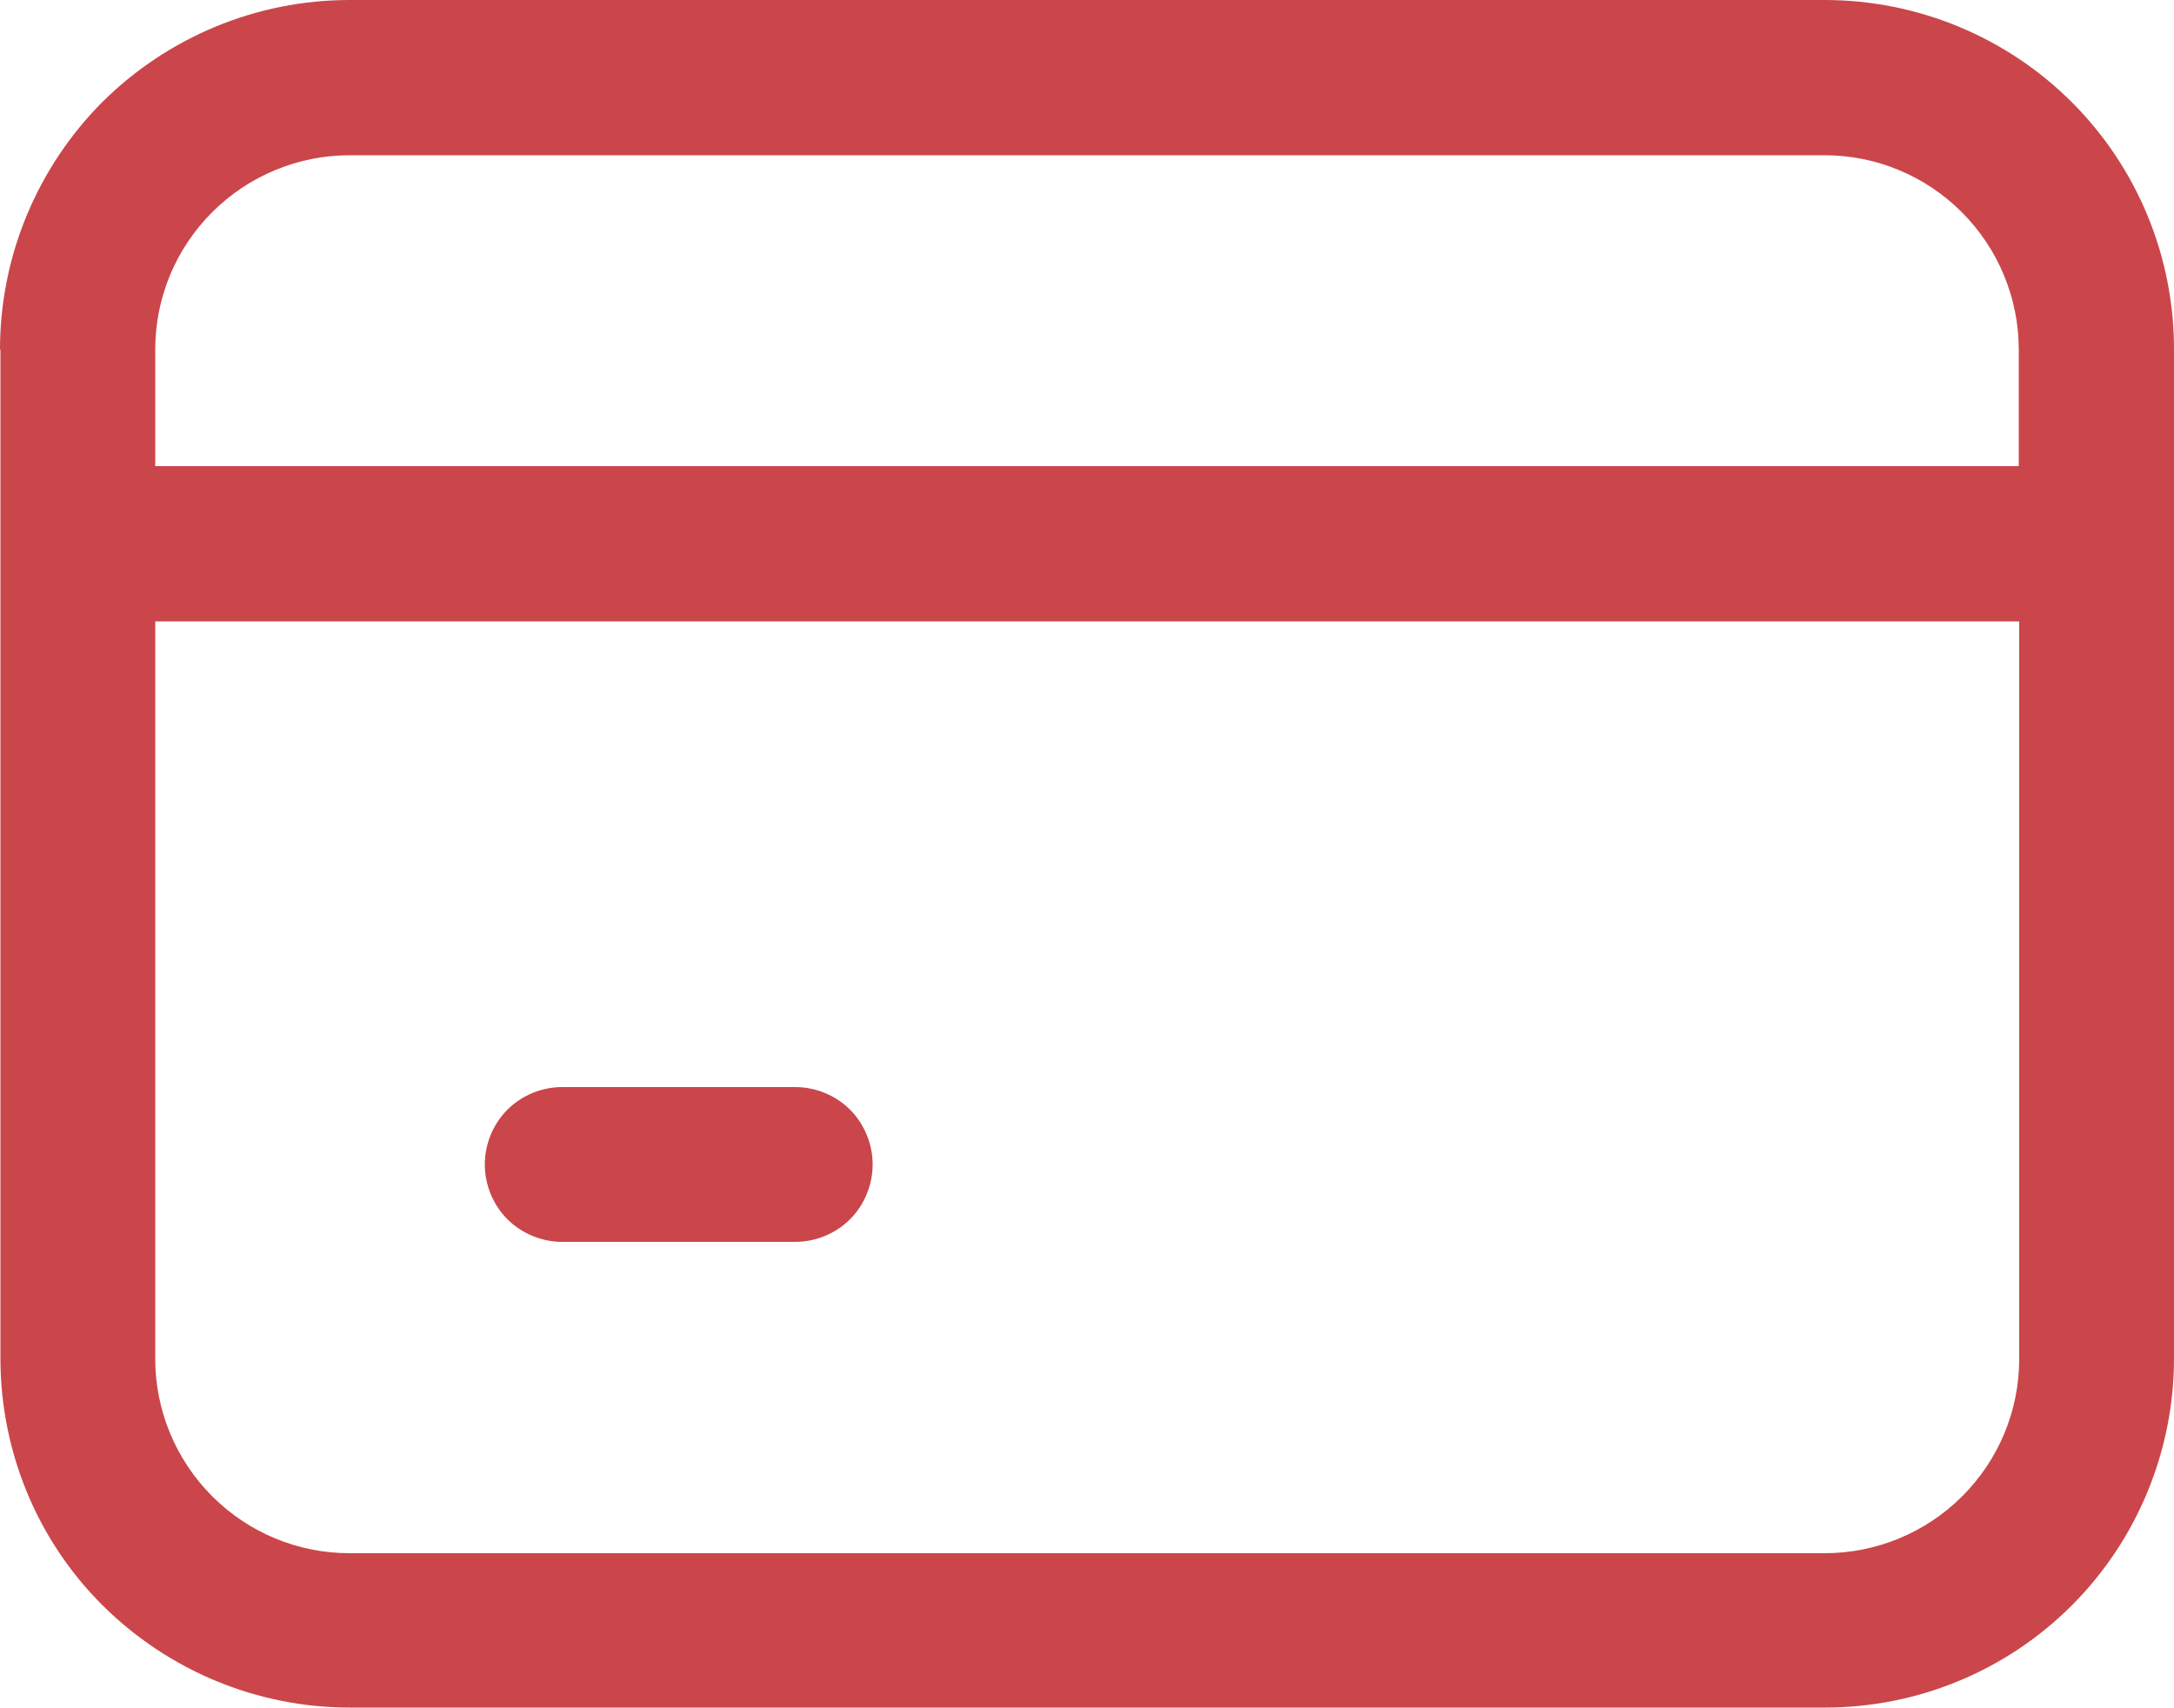 <?xml version="1.0" encoding="UTF-8"?>
<svg id="Layer_2" data-name="Layer 2" xmlns="http://www.w3.org/2000/svg" viewBox="0 0 50 39.29">
  <defs>
    <style>
      .cls-1 {
        fill: #ca464a;
        stroke-width: 0px;
      }
    </style>
  </defs>
  <g id="Layer_1-2" data-name="Layer 1">
    <path class="cls-1" d="m0,8.04C0,5.9.85,3.86,2.35,2.35,3.86.85,5.9,0,8.04,0h33.93c2.13,0,4.18.85,5.68,2.35,1.51,1.51,2.35,3.55,2.35,5.68v23.21c0,2.13-.85,4.18-2.35,5.68-1.51,1.51-3.55,2.35-5.68,2.35H8.04c-2.13,0-4.17-.85-5.68-2.35s-2.35-3.55-2.35-5.68V8.04ZM8.04,3.57c-1.18,0-2.32.47-3.16,1.31-.84.84-1.31,1.97-1.31,3.16v2.68h42.86v-2.68c0-1.18-.47-2.32-1.31-3.16-.84-.84-1.97-1.31-3.16-1.31H8.04ZM3.57,31.25c0,1.18.47,2.32,1.31,3.16.84.84,1.97,1.31,3.16,1.31h33.93c1.18,0,2.32-.47,3.16-1.31.84-.84,1.31-1.97,1.31-3.16V14.29H3.57v16.96Zm9.36-6.25h5.36c.47,0,.93.19,1.26.52.33.33.52.79.52,1.26s-.19.93-.52,1.26c-.33.33-.79.52-1.26.52h-5.36c-.47,0-.93-.19-1.26-.52s-.52-.79-.52-1.26.19-.93.52-1.26.79-.52,1.26-.52Z"/>
  </g>
</svg>

What this task involves: Scan the entries above. Copy each line that has the string "data".

Solution for this task:
<svg id="Layer_2" data-name="Layer 2" xmlns="http://www.w3.org/2000/svg" viewBox="0 0 50 39.29">
  <g id="Layer_1-2" data-name="Layer 1">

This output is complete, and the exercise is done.